Will Politics Get in the Way of QE III?

WASHINGTON | Fri Feb 18, 2011 8:12am EST

Set to be completed at the end of the second quarter, the Fed's bond-buying program appears to have had a positive effect on stock prices. Still, economists disagree about the likely impact on economic growth.

Janet Yellen, the Fed's influential vice chair, has argued that the latest round purchases will translate into 700,000 new jobs, with the entire $2.3 trillion asset purchase program contributing to the creation of as many as 3 million jobs.

Private sector economists are more conservative. Lawrence Meyer, a former Fed governor now at the consultancy Macroeconomic Advisors, believes Fed asset buys raised the level of gross domestic product by between 1.5-3 percentage points over eight quarters. That, he says, would be consistent with new jobs for between 1.5 million and 3 million Americans.

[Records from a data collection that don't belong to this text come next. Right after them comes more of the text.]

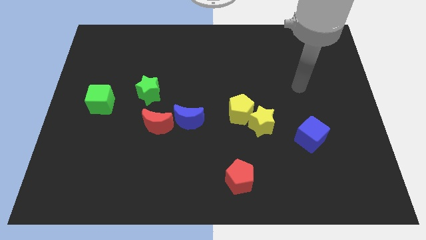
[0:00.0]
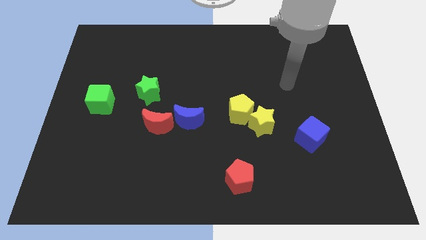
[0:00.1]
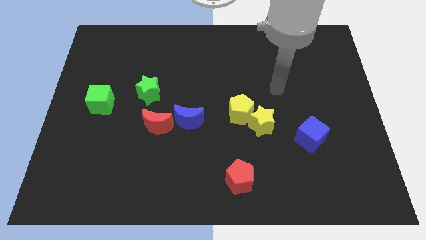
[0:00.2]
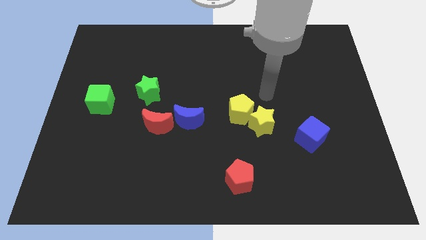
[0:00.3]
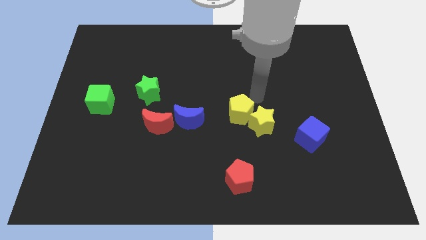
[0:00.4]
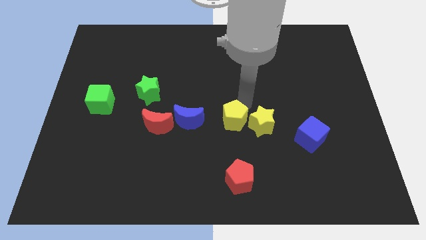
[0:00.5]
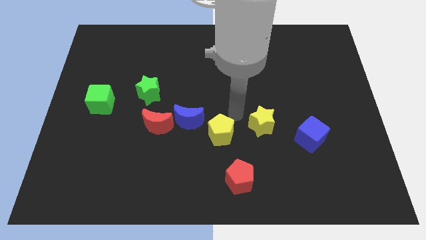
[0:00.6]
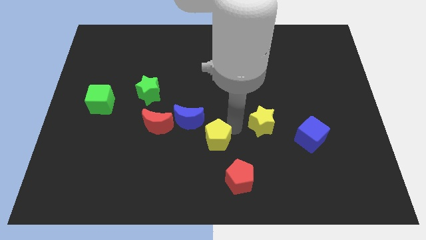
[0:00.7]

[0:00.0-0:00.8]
move the yellow star away from the yellow pentagon

That effect is hardly unsubstantial, and begs the question of why the central bank would be reluctant to do more.

One possible answer could be timing. The Fed has little to gain by jumping the gun and talking about future measures when it has yet to reach the halfway-mark for its existing bond-buying commitments.

"It's just too soon to get into that discussion," said Steve Blitz, senior economist at ITG. "And to say that you're going to need to do it again, you're sort of saying it's not working. So I think they'd rather wait till they meet in May to discuss in earnest what they are going to do."

Still, if the committee envisions the need for further measures, they might like to begin laying the groundwork for it sooner rather than later. QE2 was widely telegraphed to financial markets months before it was put into place.

Another explanation for any delay of QE3 talk is recent concern in financial markets about the possibility that the Fed might be exposed to losses on its massive bond portfolio, something that could make it even more vulnerable to political intervention.

Joseph Gagnon, a former Fed economist now at the Peterson Institute for International Economics refers to this as a worry about the "delayed political consequences from the risk of future losses on their balance sheet."

He says that if the Fed were to strictly follow its implicit target for inflation of 2 percent or a bit below, it should be doing more, not less.

"All measures of core inflation are at record lows and that is what they focus on," Gagnon said.